I forget who I am in my natural hair altogether because I am so mortified to wear it in public anymore. But L and I go hiking, so I grit my teeth and leave the wigs at home. While walking in a shroud of trees, he tells me about his ‘Queer Eye Renaissance.’ Because of the Fab Five, he lost weight, changed his personal style, and started taking better care of himself overall. Both of us agree that we wouldn’t recognize each other if we’d met a year or two ago. We are perfectly situated in time. 

L has all the qualities I want in a partner, down to the dumb ones. He drinks coffee, listens to hip-hop, and likes to read. He has a car, a good job, and his own place. Above all that, he’s vibrant, like the red stripe in a black-and-white portrait. He’s honest to a fault—so am I. He supplies me with both chaos and comfort abundantly. Together, we could be alone in an empty box for hours and still find entertainment. He may not have known he was waiting to meet me, but I had been comparing everyone I’d ever been with to him for years before I ever saw his face.

Before I know it, the seasons are changing. It becomes too cold to go anywhere, so we admire the city lights from L’s faraway balcony. My wigs get tangled from being continually tossed onto the floor. After a while, the short mop of frizz on my head loses its novelty, so I don’t even bother hiding it anymore. L’s fingers graze through it while we watch movies on the couch, inoculated somehow against the coarse kinks and damaged ends. He says I’m ‘negatively charged’ because I’m so sensitive to touch. He traces lines onto my skin that feel like live wires. 

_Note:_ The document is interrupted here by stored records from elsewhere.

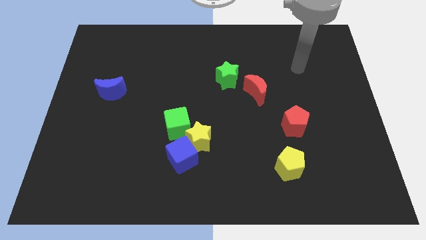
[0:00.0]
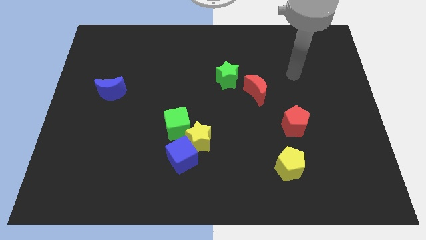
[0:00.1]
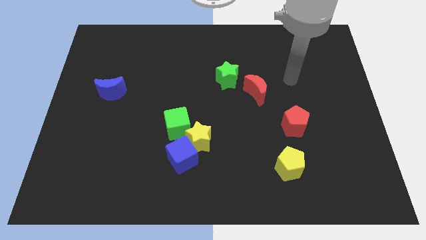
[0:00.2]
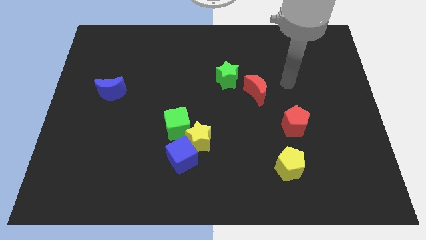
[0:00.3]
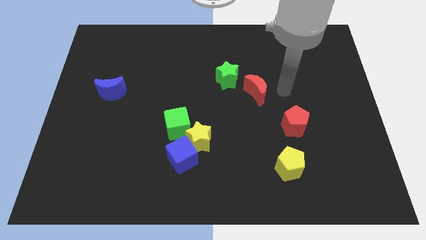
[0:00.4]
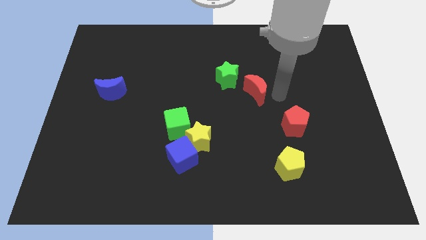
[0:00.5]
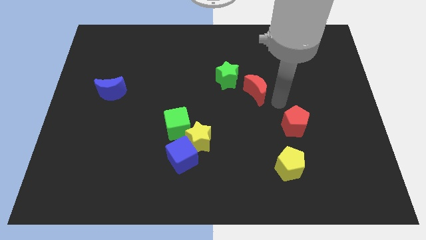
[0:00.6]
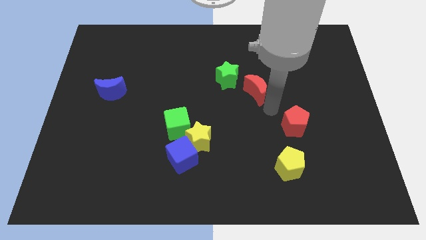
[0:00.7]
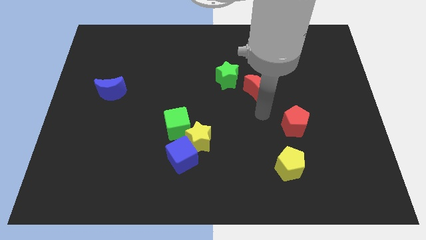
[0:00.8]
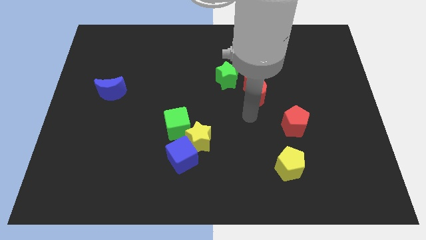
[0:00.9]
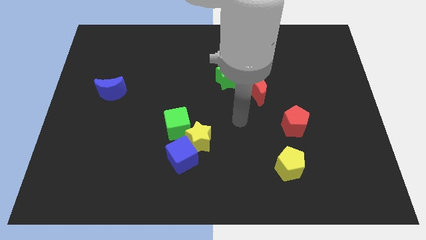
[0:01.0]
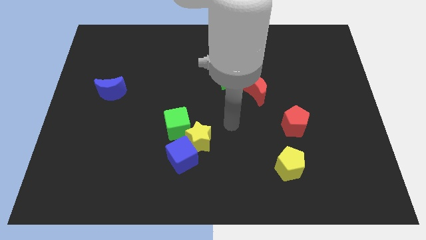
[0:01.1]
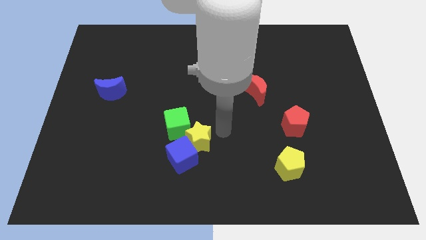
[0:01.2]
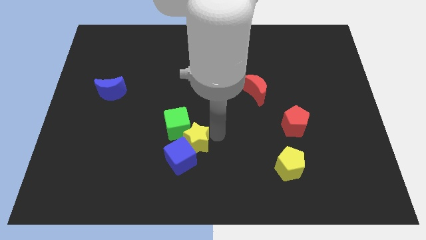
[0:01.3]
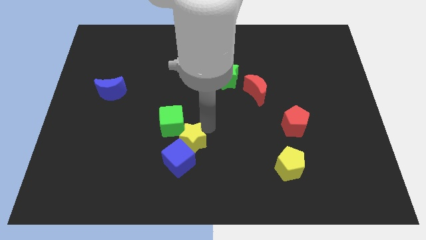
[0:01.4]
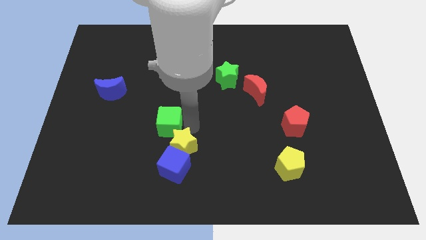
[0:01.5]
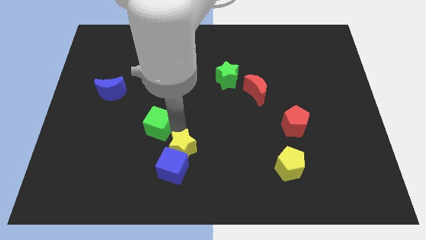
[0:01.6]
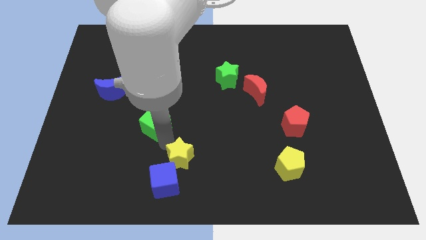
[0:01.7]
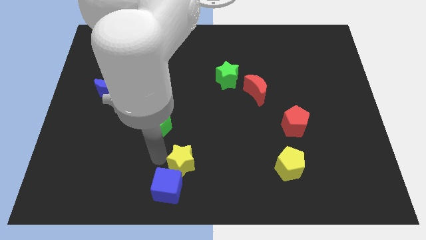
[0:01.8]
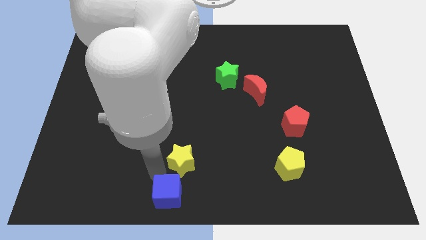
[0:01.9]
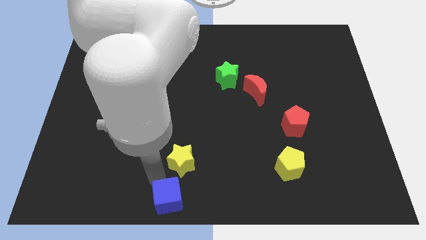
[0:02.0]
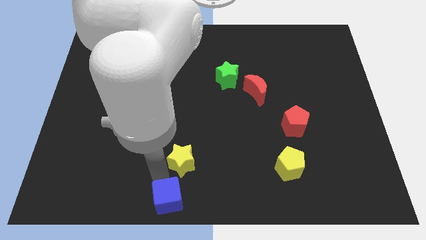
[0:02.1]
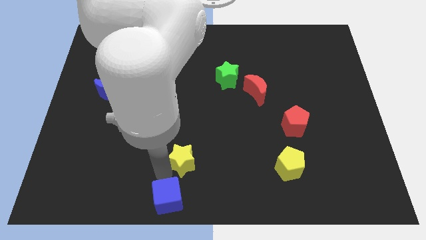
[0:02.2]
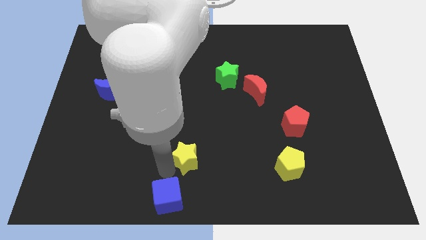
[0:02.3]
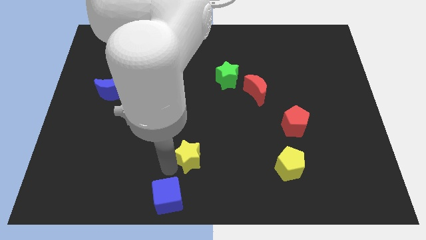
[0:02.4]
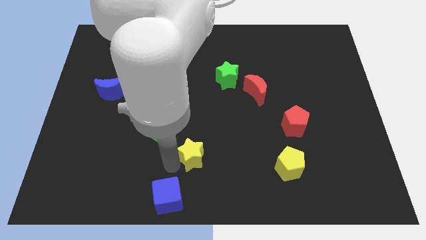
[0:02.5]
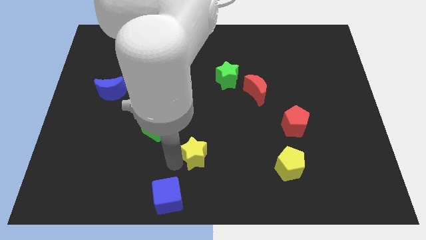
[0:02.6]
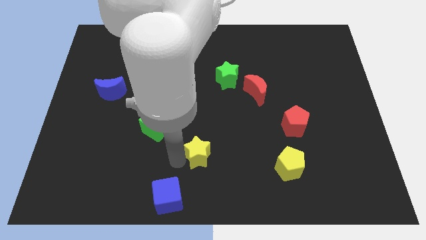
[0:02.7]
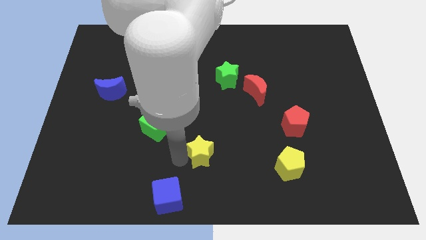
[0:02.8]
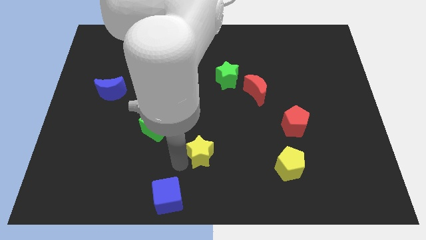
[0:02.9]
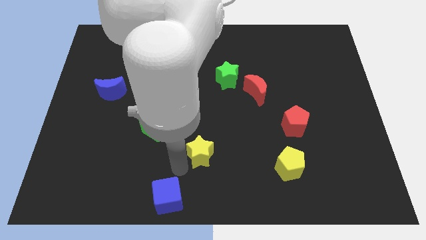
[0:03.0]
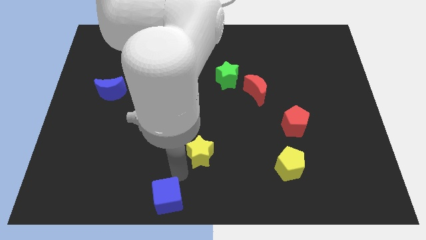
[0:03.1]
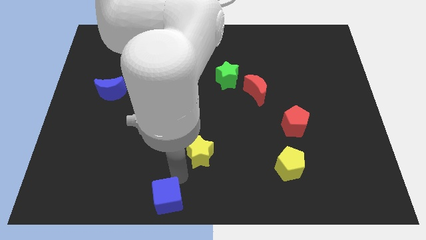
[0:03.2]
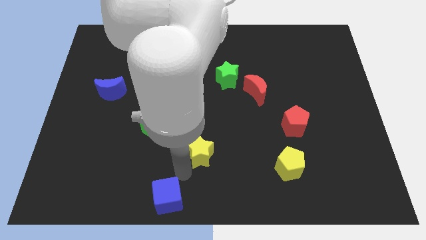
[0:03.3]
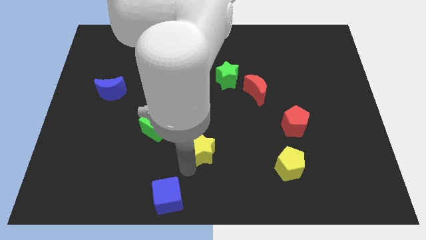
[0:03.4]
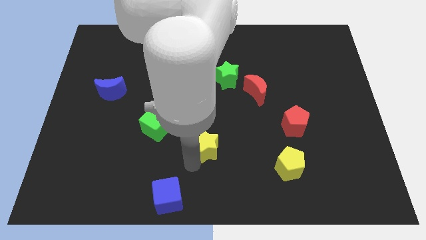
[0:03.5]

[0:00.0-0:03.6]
pull the yellow star apart from the blue cube and green cube

There are still worries I harbor that I don’t expect him to understand. All day long I sprinkle strands of hair over the surfaces of his apartment, and when I see them, I surreptitiously try to sweep them into tumbleweeds to throw away before he sees. Many minutes I could be spending with him are lost to his bathroom mirror, poking at every pore, stepping out pink and inflamed. I worry sometimes that my stresses and sadnesses might be too heavy, even for both of us at once. But I think he sees me for who I really am, and he isn’t scared of me. I always thought I would have to choose between proximity and being understood. I resigned myself to believing it’s too lofty to have both. But now that I have it all, I wouldn’t dare give up either one.

My newest wig is named Tessa. She is carrot-red with shoulder-length waves and long bangs. I buy her because L says he likes the look of frontwomen in pop-punk bands with vibrant hair, and I wear her out to a shindig we go to on New Year’s Day. It is only our second time hanging out around other people as a couple. We are sitting on floral cushions spaced out around a fire pit, holding mugs of spiced cider with both hands, when snow starts to fall. Amid the wash of white, Tessa is the center of attention. I’m warm in my cheeks—I’m in love, after all! 

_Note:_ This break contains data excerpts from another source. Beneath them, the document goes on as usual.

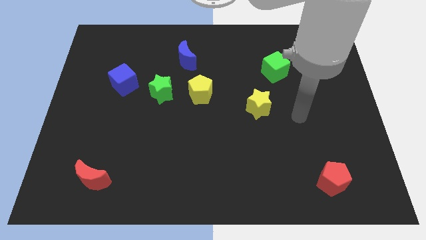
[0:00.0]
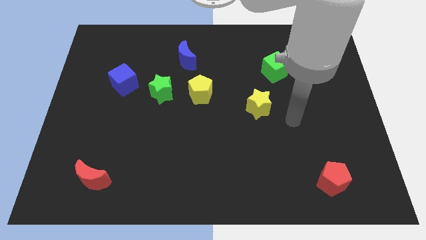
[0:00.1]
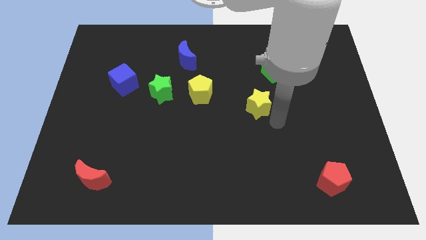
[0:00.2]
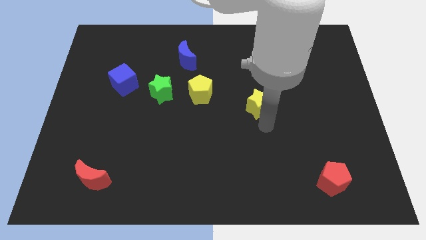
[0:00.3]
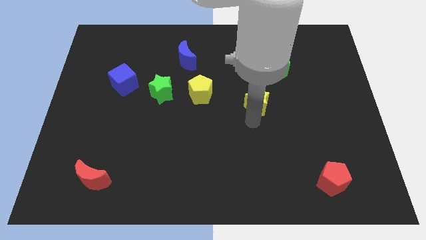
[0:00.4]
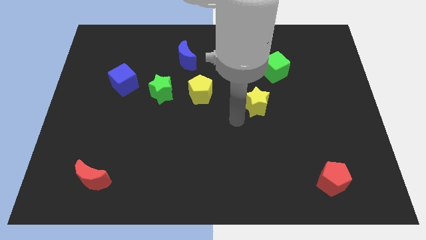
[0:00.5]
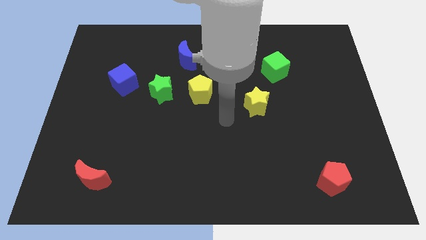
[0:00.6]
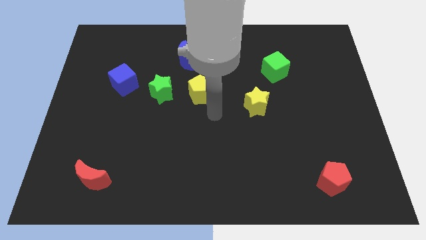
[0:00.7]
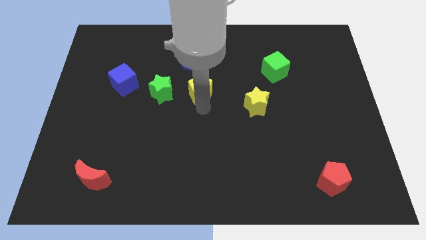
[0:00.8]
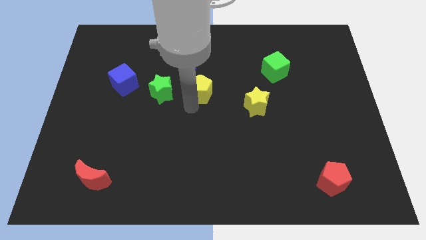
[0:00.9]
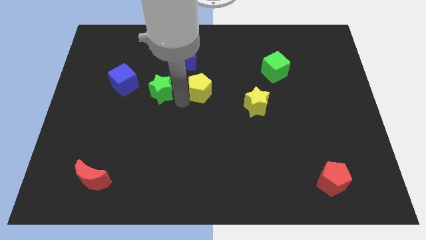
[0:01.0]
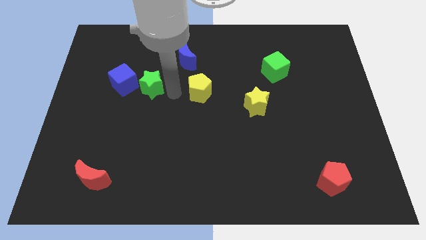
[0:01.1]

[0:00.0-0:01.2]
separate the yellow pentagon from the green star

L drives us home in snowy fog. Back in the apartment, those few hours already seem so far removed, I can hardly believe I wasn’t dreaming. It felt natural, perhaps deceivingly so. Taking off the wig is gut-wrenching, like Cinderella when the clock strikes midnight. I’m only myself again.

He asks me what’s wrong. 

“I feel stupid for wearing that wig.”

“Why’s that?”

“It was way too flashy. They could definitely tell it wasn’t real. I wish I didn’t have to parade around pretending like this, but my pulling is getting worse and I’m past the point of being able to hide it anymore. I should just shave my head, to be honest, but I can’t bring myself to do that either because then my hair might never grow back at all. I don’t know what to do. I feel so hopeless…”

He sighs and brings me into his arms. “I’m not sure what the right thing to say is, but I really love you.”

Fortunately for him, that was the right thing to say.